[Records excerpted from a collection]
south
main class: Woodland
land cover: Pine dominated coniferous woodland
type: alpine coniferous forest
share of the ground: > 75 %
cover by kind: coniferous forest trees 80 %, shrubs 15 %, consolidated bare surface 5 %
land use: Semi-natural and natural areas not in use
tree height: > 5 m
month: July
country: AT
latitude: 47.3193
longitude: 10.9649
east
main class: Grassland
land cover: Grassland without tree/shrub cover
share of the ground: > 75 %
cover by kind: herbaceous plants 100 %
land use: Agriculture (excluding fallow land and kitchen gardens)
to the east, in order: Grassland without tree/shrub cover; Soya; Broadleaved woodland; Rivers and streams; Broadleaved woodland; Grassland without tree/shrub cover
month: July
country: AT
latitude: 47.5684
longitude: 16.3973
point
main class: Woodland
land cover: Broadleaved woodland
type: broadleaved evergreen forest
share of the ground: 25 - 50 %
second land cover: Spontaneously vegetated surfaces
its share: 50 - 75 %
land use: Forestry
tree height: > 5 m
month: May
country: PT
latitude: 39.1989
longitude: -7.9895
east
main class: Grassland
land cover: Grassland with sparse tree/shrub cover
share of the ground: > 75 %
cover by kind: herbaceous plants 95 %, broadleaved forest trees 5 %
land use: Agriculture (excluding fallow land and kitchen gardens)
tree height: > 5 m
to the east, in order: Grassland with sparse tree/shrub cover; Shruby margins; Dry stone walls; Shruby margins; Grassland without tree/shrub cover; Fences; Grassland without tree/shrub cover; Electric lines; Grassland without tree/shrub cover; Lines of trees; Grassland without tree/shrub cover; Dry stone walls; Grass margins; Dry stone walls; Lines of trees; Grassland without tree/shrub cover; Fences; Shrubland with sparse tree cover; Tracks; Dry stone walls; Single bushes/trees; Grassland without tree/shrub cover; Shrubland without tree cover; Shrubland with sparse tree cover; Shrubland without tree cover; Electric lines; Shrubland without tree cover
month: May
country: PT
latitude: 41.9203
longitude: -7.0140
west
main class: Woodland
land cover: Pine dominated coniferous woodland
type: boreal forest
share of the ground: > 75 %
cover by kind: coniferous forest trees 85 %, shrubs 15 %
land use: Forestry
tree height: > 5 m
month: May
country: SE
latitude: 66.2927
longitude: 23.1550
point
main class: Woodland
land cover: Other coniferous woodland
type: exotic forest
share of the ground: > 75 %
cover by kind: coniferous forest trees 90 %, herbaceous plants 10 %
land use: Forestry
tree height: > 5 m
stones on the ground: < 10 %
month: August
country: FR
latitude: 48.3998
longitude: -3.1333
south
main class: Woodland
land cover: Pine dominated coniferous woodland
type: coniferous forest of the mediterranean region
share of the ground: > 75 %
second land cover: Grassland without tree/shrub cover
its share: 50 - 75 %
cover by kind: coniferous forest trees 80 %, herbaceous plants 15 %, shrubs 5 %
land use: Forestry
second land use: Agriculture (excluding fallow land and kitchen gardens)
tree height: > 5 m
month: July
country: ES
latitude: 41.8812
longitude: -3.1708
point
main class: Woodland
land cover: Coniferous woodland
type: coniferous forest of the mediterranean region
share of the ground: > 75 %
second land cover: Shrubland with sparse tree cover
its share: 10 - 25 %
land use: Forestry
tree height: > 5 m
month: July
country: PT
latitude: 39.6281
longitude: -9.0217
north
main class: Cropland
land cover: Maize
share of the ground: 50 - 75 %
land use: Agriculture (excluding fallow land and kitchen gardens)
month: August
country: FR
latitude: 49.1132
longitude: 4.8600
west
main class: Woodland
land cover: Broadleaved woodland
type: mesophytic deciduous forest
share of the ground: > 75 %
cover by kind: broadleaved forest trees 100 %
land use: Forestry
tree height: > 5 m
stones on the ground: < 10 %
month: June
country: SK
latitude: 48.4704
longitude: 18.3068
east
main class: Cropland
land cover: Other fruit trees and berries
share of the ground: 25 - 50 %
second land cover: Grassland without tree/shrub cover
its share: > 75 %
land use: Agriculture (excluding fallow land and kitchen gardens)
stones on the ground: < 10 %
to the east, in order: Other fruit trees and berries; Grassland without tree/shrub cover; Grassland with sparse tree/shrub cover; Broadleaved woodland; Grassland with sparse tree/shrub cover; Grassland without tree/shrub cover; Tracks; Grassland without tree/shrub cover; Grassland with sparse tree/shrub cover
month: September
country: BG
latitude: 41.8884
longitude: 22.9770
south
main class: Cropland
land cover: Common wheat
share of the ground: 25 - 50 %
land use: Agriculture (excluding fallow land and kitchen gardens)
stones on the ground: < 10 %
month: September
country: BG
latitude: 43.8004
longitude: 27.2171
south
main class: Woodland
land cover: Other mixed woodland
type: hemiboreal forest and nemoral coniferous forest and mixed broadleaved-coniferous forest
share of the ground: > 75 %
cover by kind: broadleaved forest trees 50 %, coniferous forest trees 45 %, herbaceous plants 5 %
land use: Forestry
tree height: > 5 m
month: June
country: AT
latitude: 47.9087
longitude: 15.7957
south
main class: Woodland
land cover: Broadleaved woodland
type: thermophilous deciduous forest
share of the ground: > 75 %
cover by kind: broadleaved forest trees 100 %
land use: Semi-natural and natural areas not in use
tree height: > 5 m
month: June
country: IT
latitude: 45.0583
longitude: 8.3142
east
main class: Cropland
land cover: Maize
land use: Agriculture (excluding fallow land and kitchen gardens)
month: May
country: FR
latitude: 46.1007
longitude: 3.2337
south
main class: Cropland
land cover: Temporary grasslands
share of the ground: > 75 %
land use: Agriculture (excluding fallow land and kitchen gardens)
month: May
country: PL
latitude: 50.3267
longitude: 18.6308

**HOW TO COMPLETE THIS TASK**
Nothing but a number is wanted: how many lines in the records above include "without".

**ANSWER TO THIS PROBLEM**
6